Огромное спасибо за Б<ориса> П<астернака>.
МЦ.
Вшеноры, 29(28?) — го февраля 1925 г.
Дорогая Ольга Елисеевна,
Мое письмо с письмом П<астерна>ку Вы уже получили и уже знаете, что мальчик — Георгий. Ваши доводы — мои, и мои — Ваши: дословно. Есть у Волконского точная формула (говорит о упраздненном пространстве в музыке и, сам не зная, о несравненно большем): «Победа путем отказа». — Так вот. — Мальчик — Георгий (NB! Это Вам ничего не напоминает? Маль-чик Ге-ор-гий?

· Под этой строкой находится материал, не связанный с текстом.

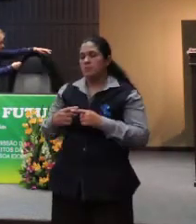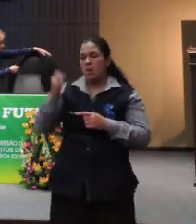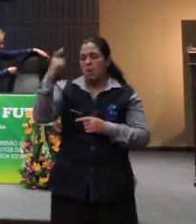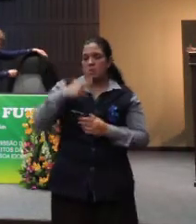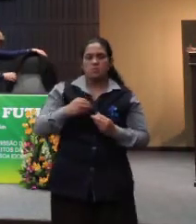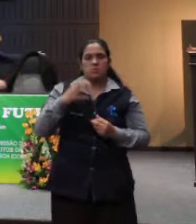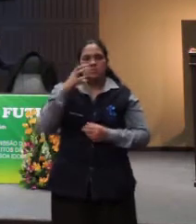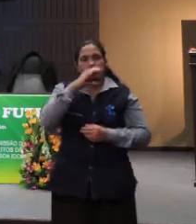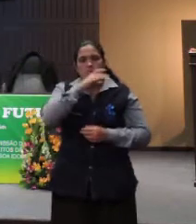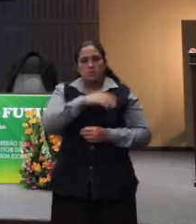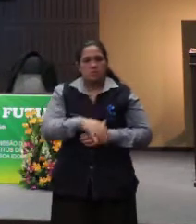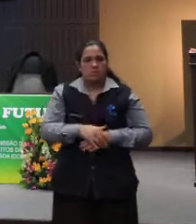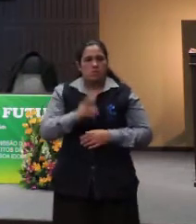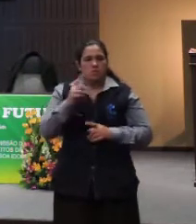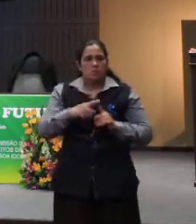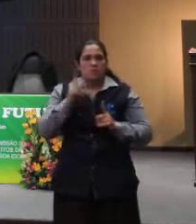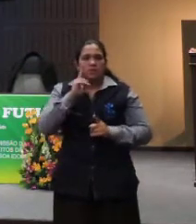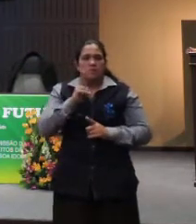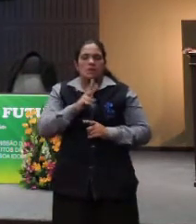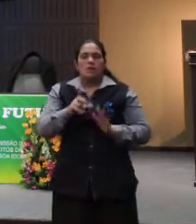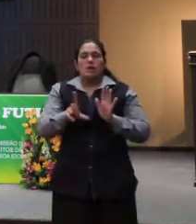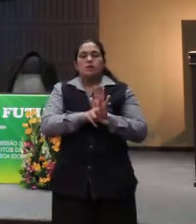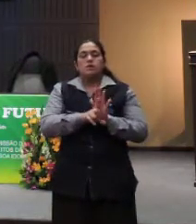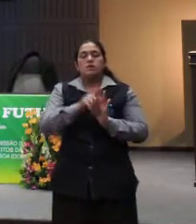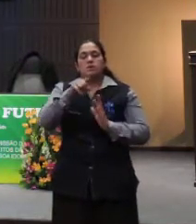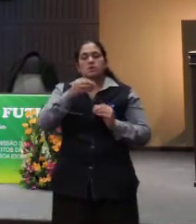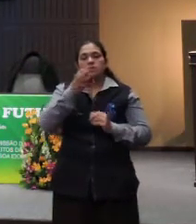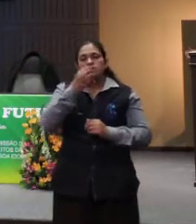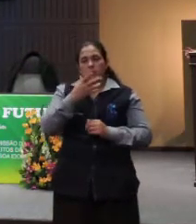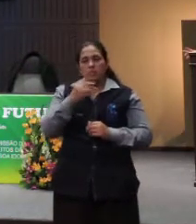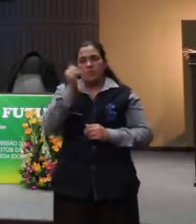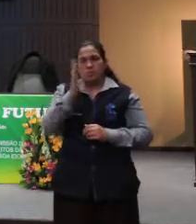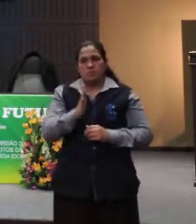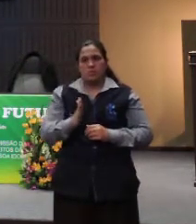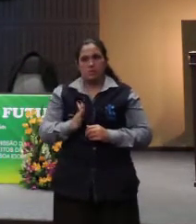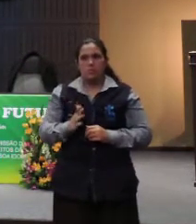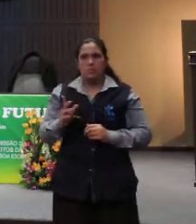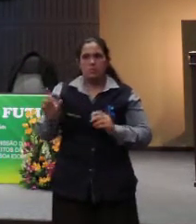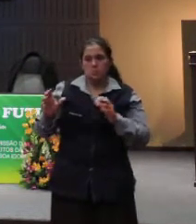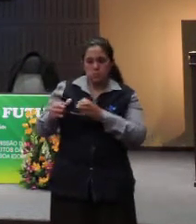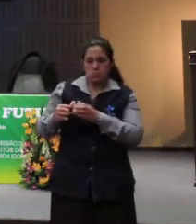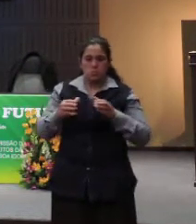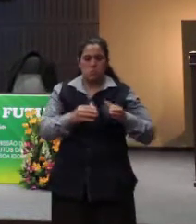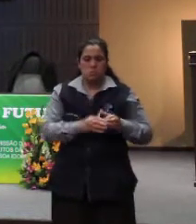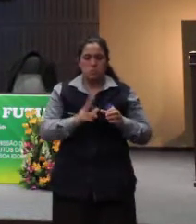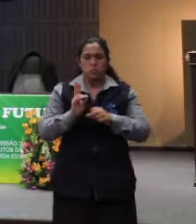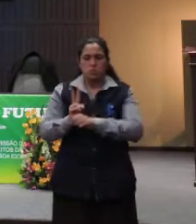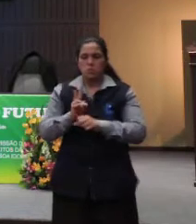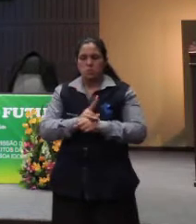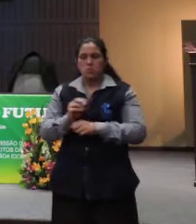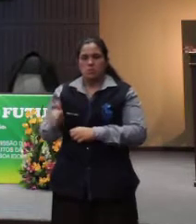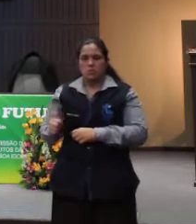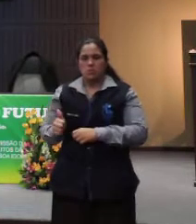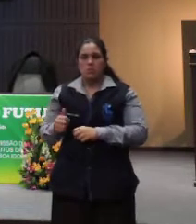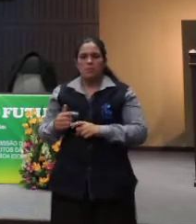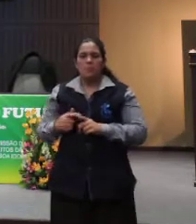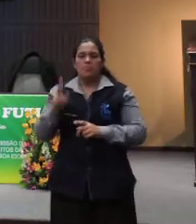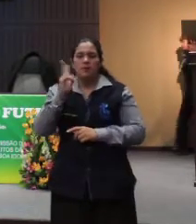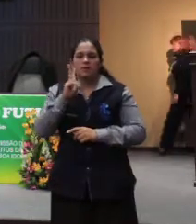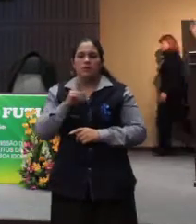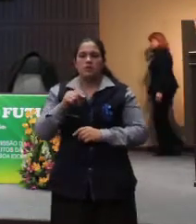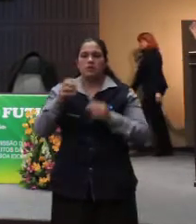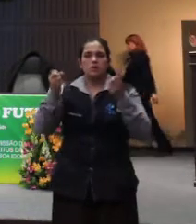Então, a legislação é muito boa no Brasil, para as duas áreas. Aqui eu fui

Шебеку. которая водила царских псов гулять, не она водила, автор записок, нянька, а «злая Шебека» была ее врагиней и поэтому участвовала в 1-ом марте.[198] «Государынина Ральфа и государева Ральфа» — в день убийства — помните?)

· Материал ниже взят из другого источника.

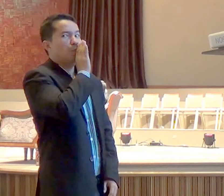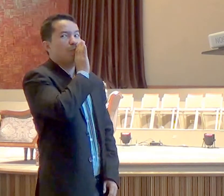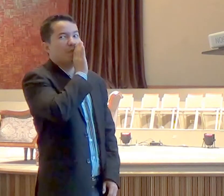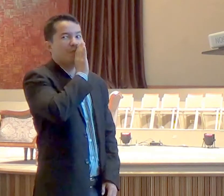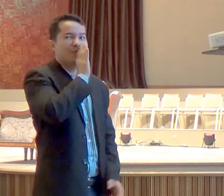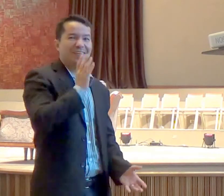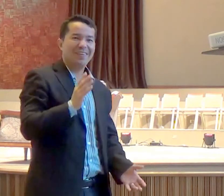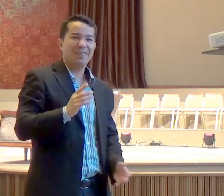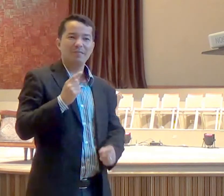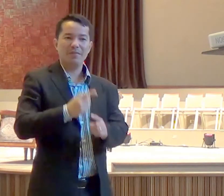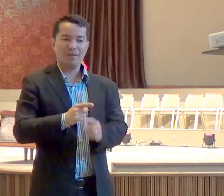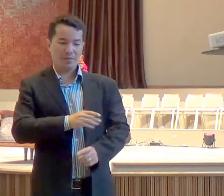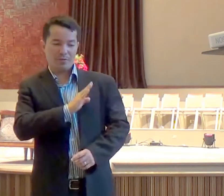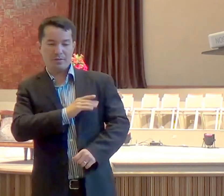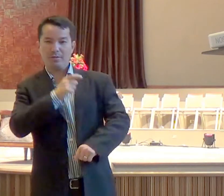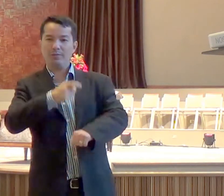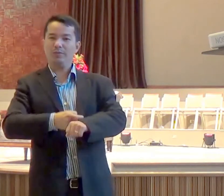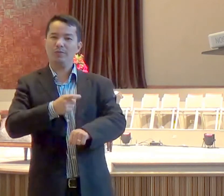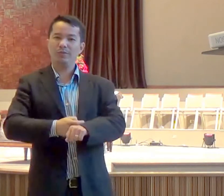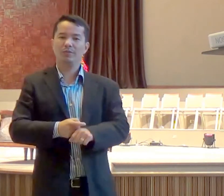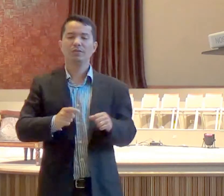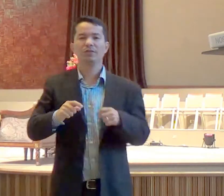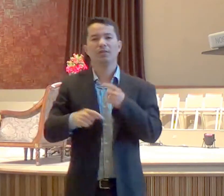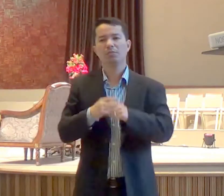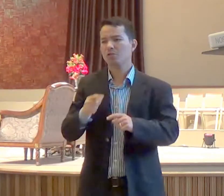tudo bem, receberam o sabão, agora vamos pregar o evangelho,
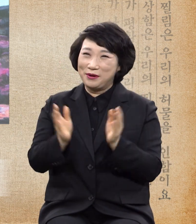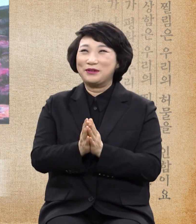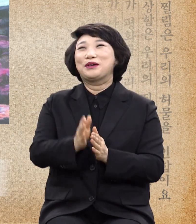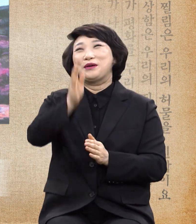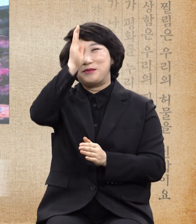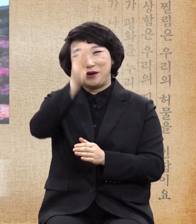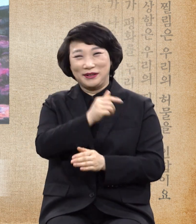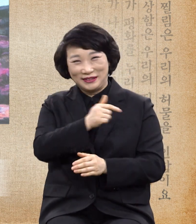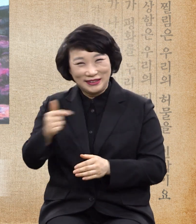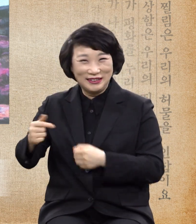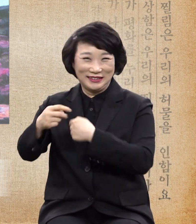대의사시다.

Итак, мальчик — Георгий, а не Борис, Борис так и остался во мне, при мне, в нигде, как все мои мечты и страсти. Жаль, если не прочли моего письма к Б<орису> П<астернаку) (забыла напомнить) — вроде кристаллизированного дневника — одни острия — о Лилит (до — первой и нечислящейся, пра-первой: мне!) и Еве (его жене и всех женах тех, кого я «люблю», — NB! никого не любила кроме Б<ориса> П<астернака> и того дога) — и моей ненависти и, чаще, снисходительной жалости к Еве, — еще о Борисе и Георгии, что Борис: разглашение тайны, приручать дикого зверя — Любовь (Барсик, так было, было бы уменьшительное), вводить Любовь в семью, — о ревности к звуку, который будут произносить равнодушные… И еще — главное — что, назовя этого Георгием, я тем самым сохраняю право на его Бориса, него Бориса, от него — Бориса — безумие? — нет, мечты на Будущее.
И еще просила любить этого, как своего (больше, если можно!), потому что я не виновата, что это не его сын. И не ревность, ибо это не дитя услады.